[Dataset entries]
.....

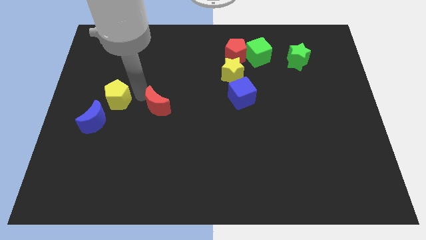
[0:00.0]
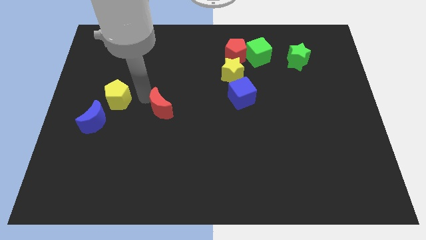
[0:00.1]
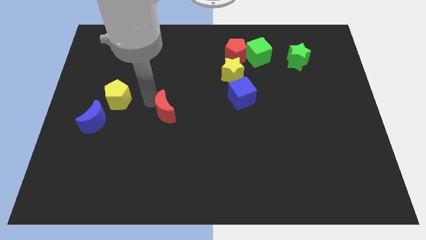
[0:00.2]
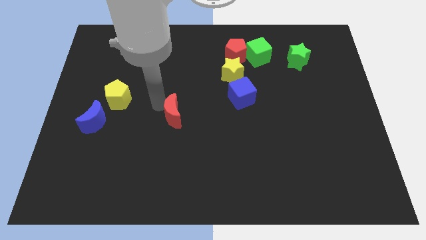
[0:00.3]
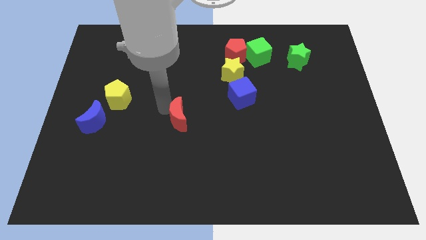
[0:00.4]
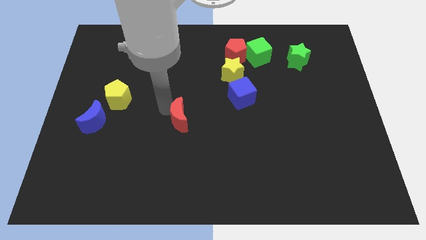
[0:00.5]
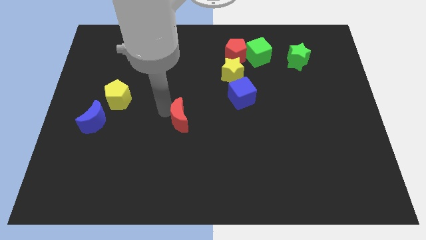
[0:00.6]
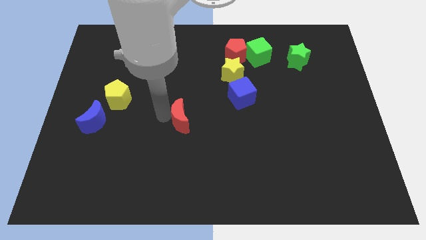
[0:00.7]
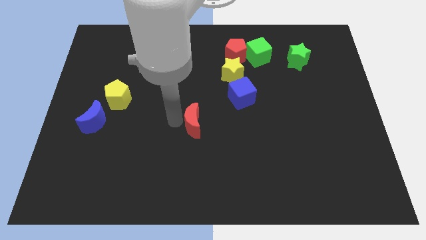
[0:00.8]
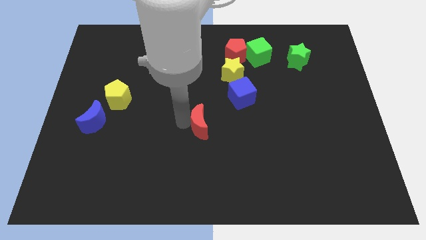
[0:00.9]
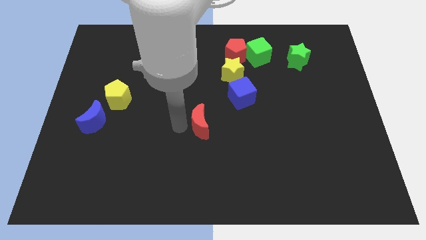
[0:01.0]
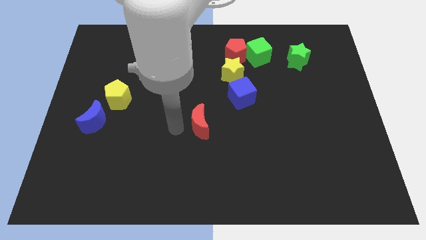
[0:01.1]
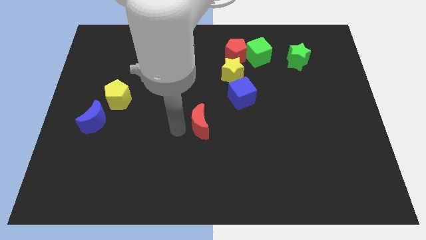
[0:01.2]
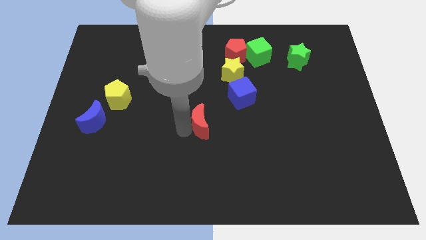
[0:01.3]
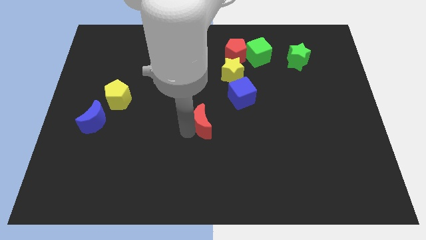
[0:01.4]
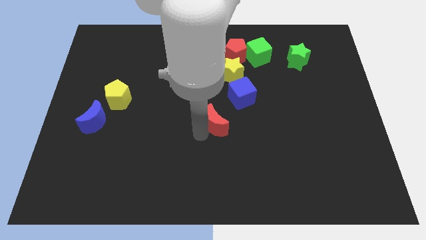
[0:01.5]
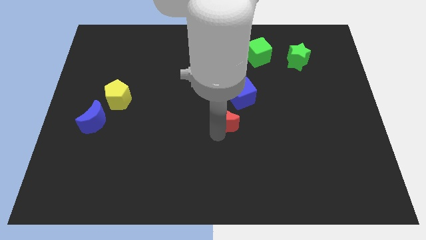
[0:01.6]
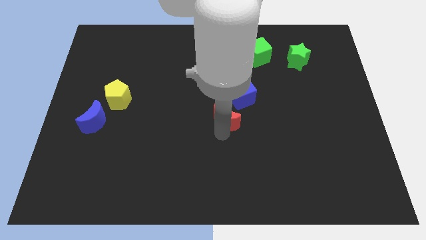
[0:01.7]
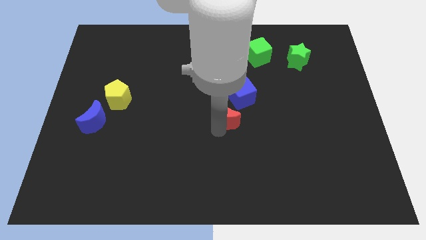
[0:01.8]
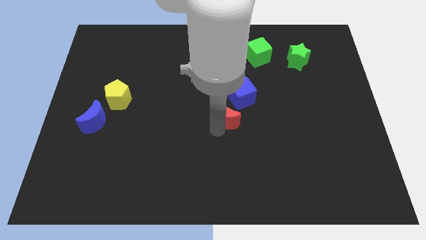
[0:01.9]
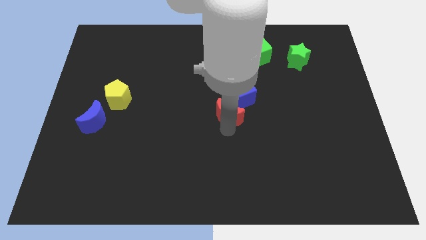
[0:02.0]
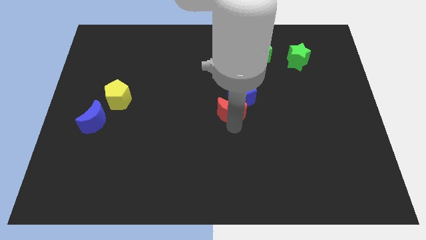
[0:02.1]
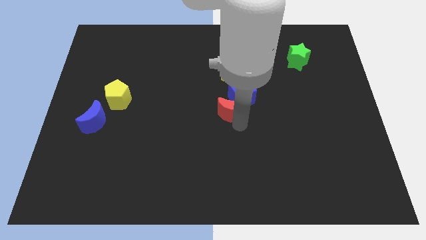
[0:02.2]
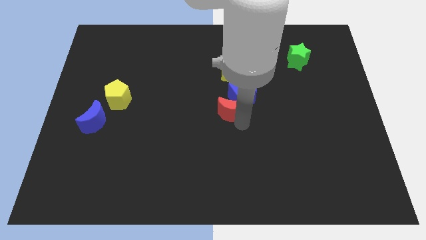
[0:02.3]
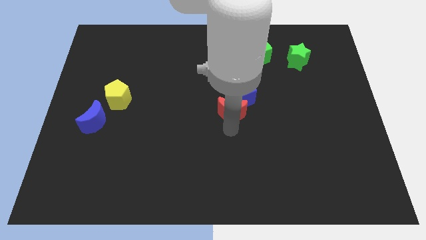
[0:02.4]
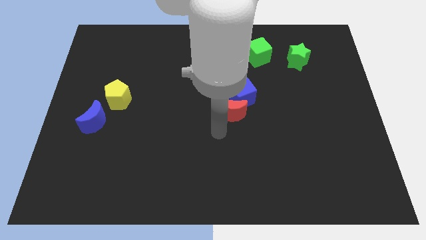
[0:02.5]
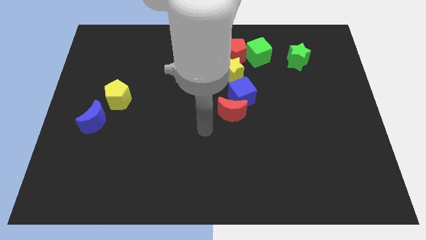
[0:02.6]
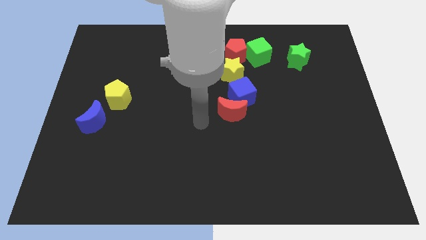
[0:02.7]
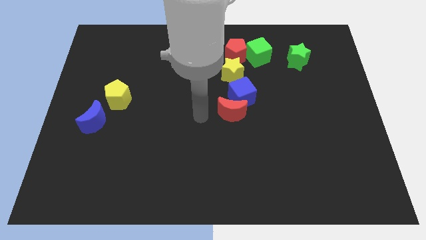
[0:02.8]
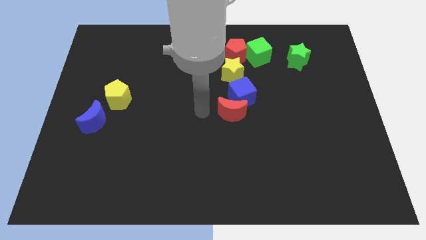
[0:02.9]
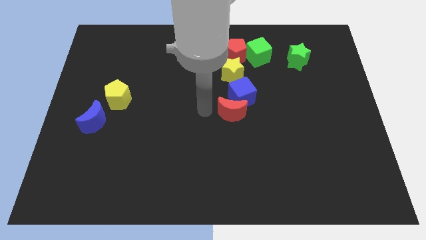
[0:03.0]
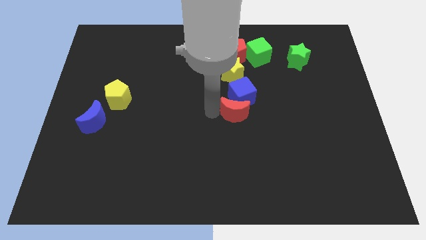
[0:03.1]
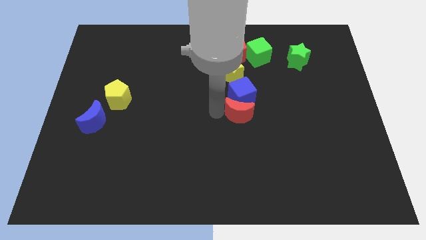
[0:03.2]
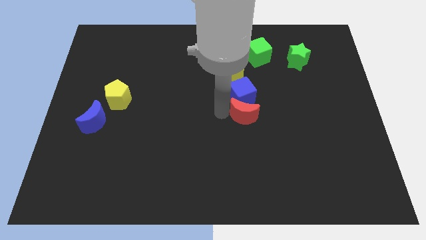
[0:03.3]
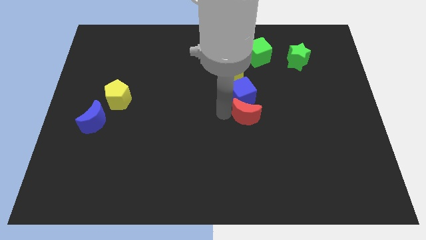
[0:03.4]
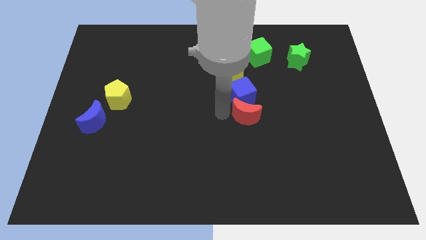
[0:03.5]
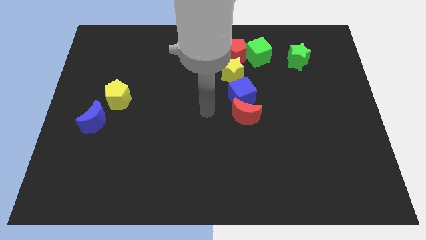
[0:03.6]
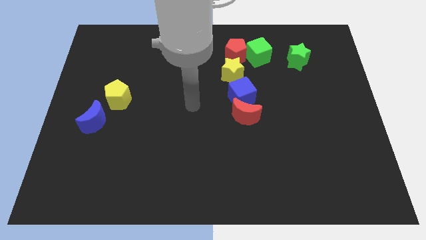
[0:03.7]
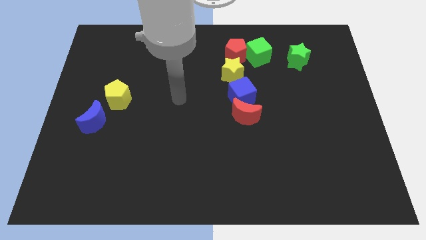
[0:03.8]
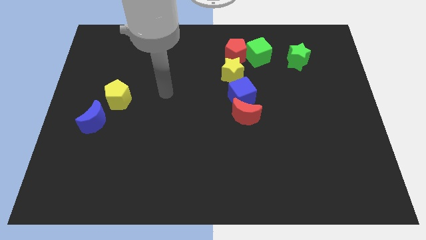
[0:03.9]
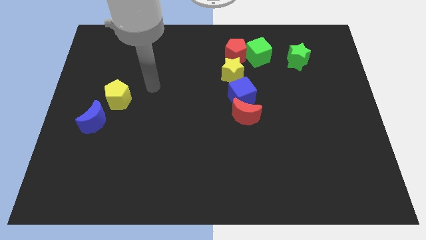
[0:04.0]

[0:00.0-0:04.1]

.....

Exactly as written, give every entry again, but not the pictures.

▶ _Your response_:
[0:00.0]
[0:00.1]
[0:00.2]
[0:00.3]
[0:00.4]
[0:00.5]
[0:00.6]
[0:00.7]
[0:00.8]
[0:00.9]
[0:01.0]
[0:01.1]
[0:01.2]
[0:01.3]
[0:01.4]
[0:01.5]
[0:01.6]
[0:01.7]
[0:01.8]
[0:01.9]
[0:02.0]
[0:02.1]
[0:02.2]
[0:02.3]
[0:02.4]
[0:02.5]
[0:02.6]
[0:02.7]
[0:02.8]
[0:02.9]
[0:03.0]
[0:03.1]
[0:03.2]
[0:03.3]
[0:03.4]
[0:03.5]
[0:03.6]
[0:03.7]
[0:03.8]
[0:03.9]
[0:04.0]

[0:00.0-0:04.1]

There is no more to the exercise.